THE REPUBLIC OF UGANDA
IN THE HIGH COURT OF UGANDA AT KAMPALA
HCCT 00 – CR- CM – 0053- 2018
(ARISING FROM HCT 00 – CR- SC- 0564/2016)
NSUBUGA ISMAIL -------------------------------------- APPLICANT
UGANDA ----------------------------------------------- RESPONDENT
BEFORE LADY JUSTICE FLAVIA SENOGA ANGLIN
This application was made under Article 126 (2) (e) of the Constitution and Rule 2 of the Judicature (Criminal Procedure) (Applications) Rules S.I 13-8).
Seeking leave of court to allow the Applicant to re-open his defense case in Criminal case No. 564/2016.
The application is supported by the affidavit of the Applicant. Briefly the grounds are that:-
- The Applicant is the accused person in Cr. Case No. 564/2016, where it is alleged that he defiled one Nabakka Melisa.
- He recorded a charge and caution statement where he claimed he had wrangles with the mother of the victim, one Harriet Namuddu.
During its submissions, the prosecution alleged that the evidence of the grudge was an afterthought.
The Applicant intends to call the Police Officer who recorded the charge and caution statement so that it can be tendered in evidence.
The Applicant makes his application to be allowed to re-open his defense case to prove that the evidence of the grudge was not an after thought.

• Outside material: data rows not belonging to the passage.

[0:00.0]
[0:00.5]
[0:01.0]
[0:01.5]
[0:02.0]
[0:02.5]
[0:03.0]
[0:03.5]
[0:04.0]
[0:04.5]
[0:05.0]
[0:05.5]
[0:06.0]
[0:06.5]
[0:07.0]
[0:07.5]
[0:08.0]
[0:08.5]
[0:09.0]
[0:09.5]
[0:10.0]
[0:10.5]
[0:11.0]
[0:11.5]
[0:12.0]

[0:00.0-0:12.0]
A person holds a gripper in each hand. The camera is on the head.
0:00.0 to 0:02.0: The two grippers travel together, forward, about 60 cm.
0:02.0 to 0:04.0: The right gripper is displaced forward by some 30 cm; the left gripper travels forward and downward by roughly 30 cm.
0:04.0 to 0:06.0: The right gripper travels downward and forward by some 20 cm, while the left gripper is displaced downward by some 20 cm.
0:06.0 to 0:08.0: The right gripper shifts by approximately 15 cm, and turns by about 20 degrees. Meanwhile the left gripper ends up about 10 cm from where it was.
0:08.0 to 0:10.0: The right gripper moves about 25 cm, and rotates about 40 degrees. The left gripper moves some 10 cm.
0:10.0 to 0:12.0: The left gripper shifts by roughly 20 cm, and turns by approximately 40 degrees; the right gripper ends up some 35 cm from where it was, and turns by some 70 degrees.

The court has wide and ample powers to allow the defense case to be reopened.
It is therefore just and equitable that the application be allowed.

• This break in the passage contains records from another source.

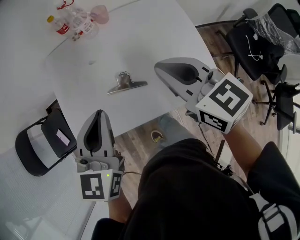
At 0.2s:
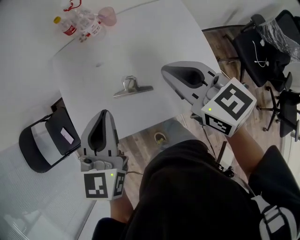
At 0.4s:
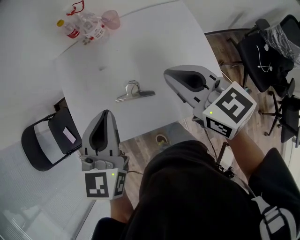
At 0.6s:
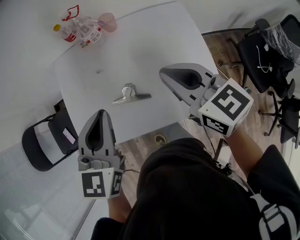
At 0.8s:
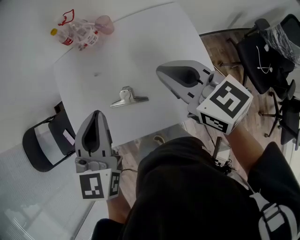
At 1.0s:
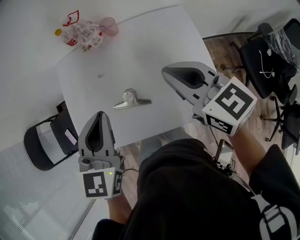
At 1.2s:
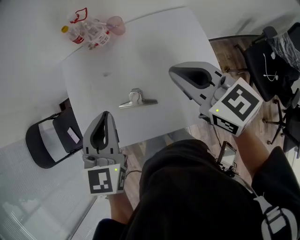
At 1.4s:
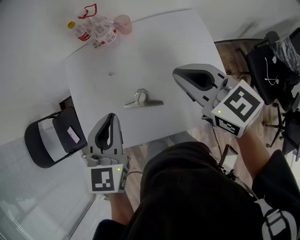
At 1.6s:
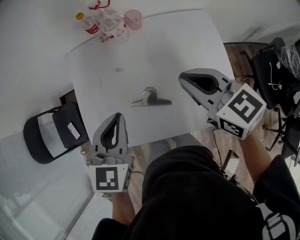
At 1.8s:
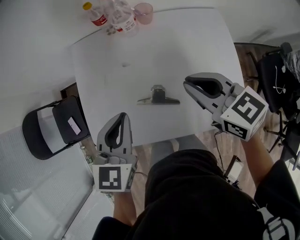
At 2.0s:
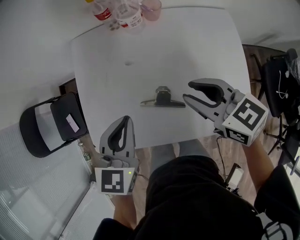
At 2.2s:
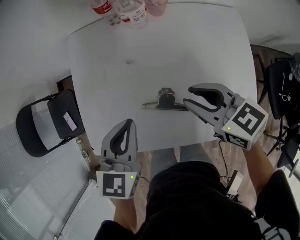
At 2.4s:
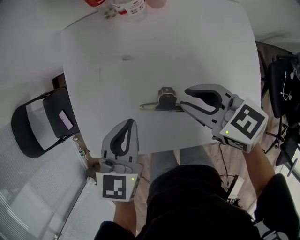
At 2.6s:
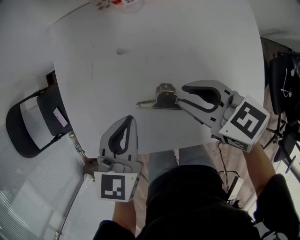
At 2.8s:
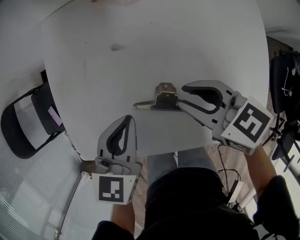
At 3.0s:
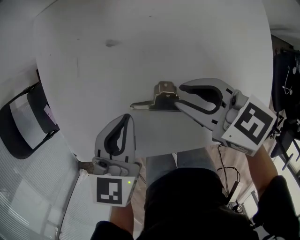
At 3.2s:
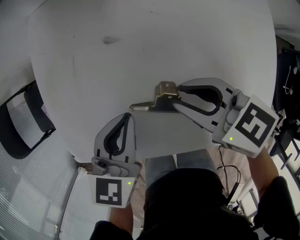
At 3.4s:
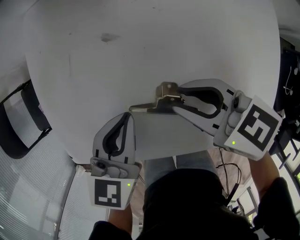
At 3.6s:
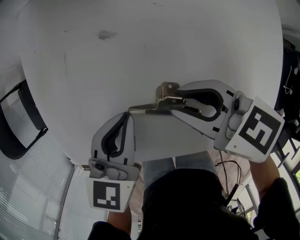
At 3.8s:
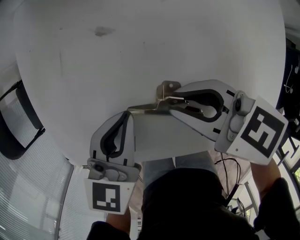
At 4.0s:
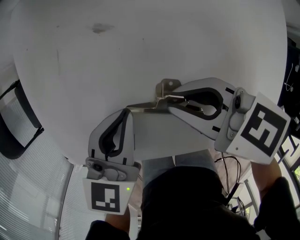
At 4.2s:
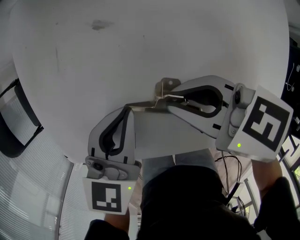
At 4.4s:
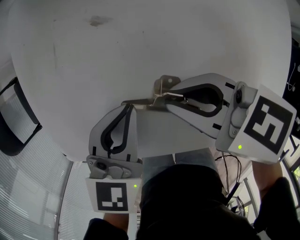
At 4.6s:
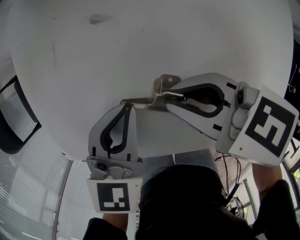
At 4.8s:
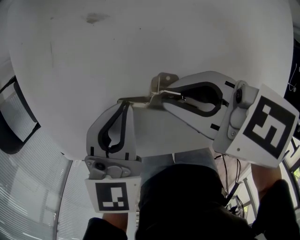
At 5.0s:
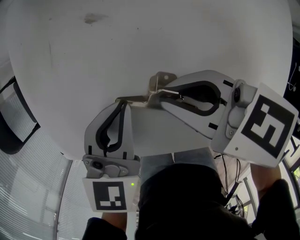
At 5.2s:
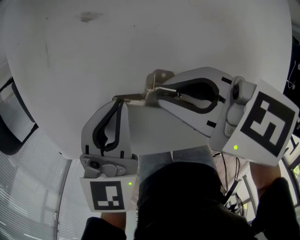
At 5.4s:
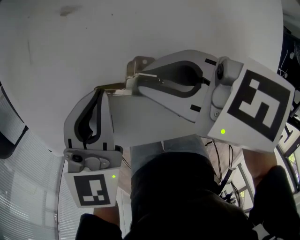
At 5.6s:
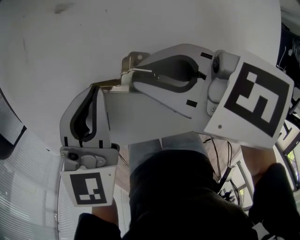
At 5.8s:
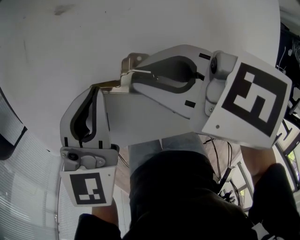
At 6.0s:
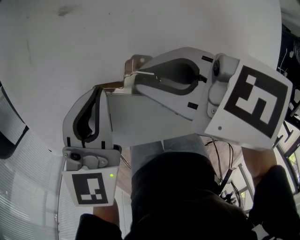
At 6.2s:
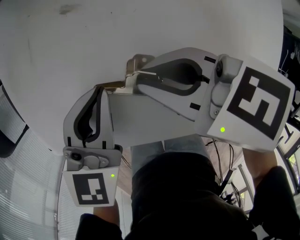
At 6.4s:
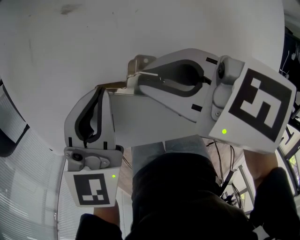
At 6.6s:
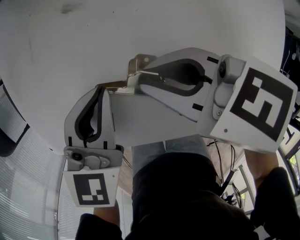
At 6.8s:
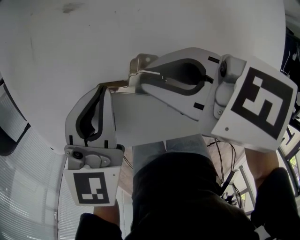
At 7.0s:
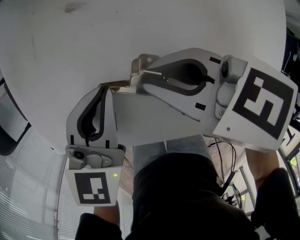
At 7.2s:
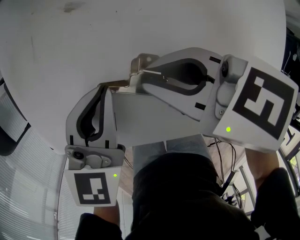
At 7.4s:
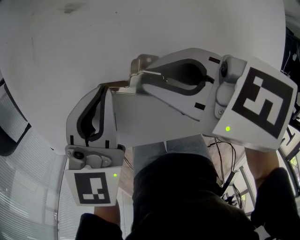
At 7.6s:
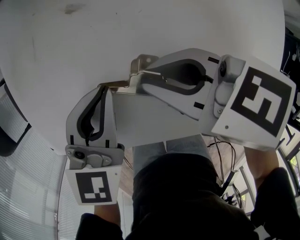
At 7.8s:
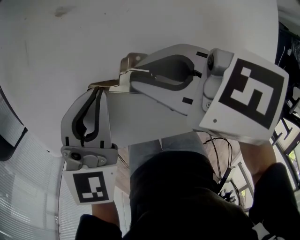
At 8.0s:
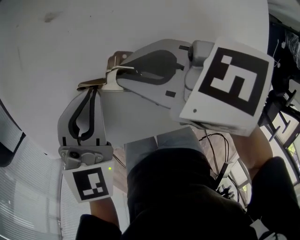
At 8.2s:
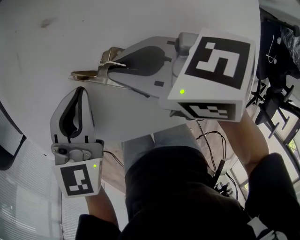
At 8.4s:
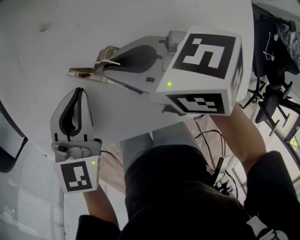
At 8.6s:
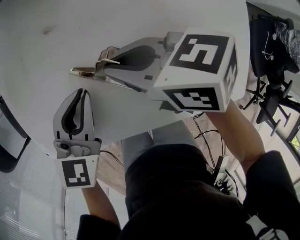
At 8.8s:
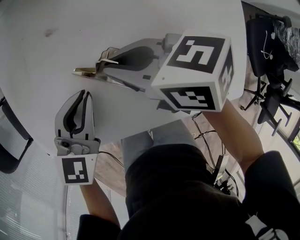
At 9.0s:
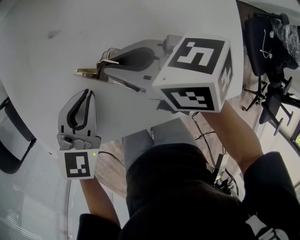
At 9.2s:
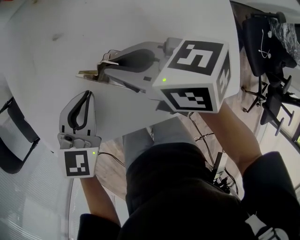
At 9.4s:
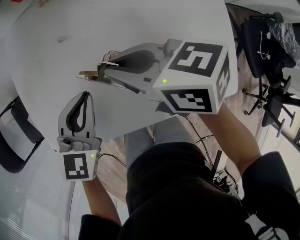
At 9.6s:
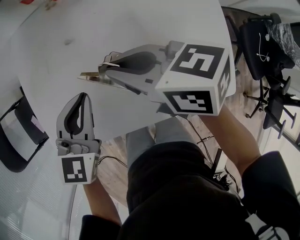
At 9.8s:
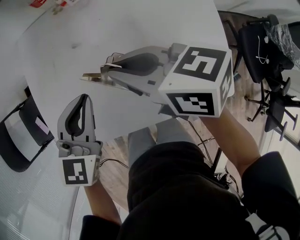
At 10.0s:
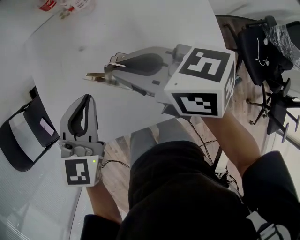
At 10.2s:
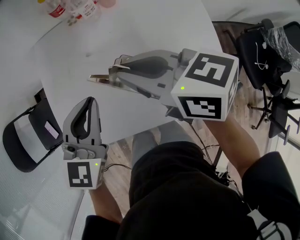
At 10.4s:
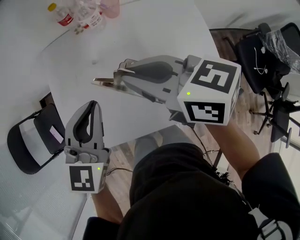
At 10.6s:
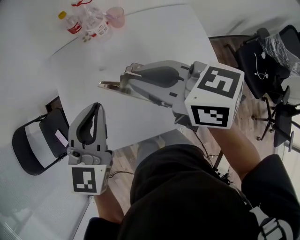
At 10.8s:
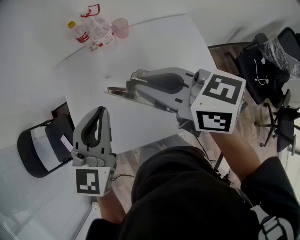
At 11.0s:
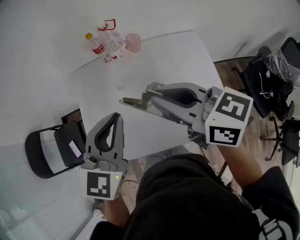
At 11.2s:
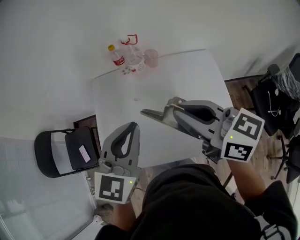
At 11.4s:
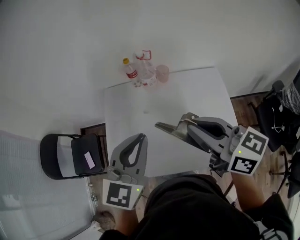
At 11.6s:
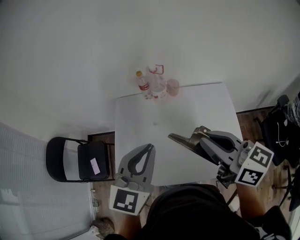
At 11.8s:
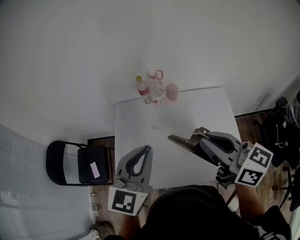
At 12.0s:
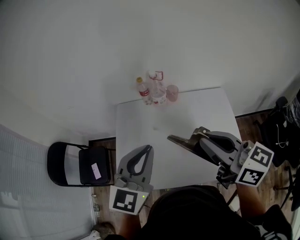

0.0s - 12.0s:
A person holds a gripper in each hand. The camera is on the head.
0.0s - 1.6s: The grippers both shift forward by some 5 cm.
1.6s - 3.0s: The left gripper shifts approximately 20 cm downward; the right gripper moves downward and to the left, about 20 cm, changes its angle by some 20 degrees, and opens up.
3.0s - 4.4s: The grippers move only a little.
4.4s - 7.6s: The two grippers keep their place.
7.6s - 9.0s: The grippers make only small movements.
9.0s - 10.4s: Both grippers move upward, roughly 20 cm.
10.4s - 12.0s: Both grippers travel together upward, about 15 cm.

There is an affidavit in reply deponed by Byansi George William an Ag. Senior Asst. Director of Public Prosecutions objecting to the application on the following grounds:-
- The application is bad in law, misconceived and has no merit.
- The application and supporting affidavit do not disclose any right for the accused person to re-open his defence.
- While the Applicant refers to a charge and caution statement recorded before DIC/ASP Dusabe Innocent, the court record indicates that he denied and disowned any kind of police statement and this is fatal to this application.
- The statement referred to by the Applicant is not on the record of proceedings and therefore relying on its contents is not only erroneous but a misdirection.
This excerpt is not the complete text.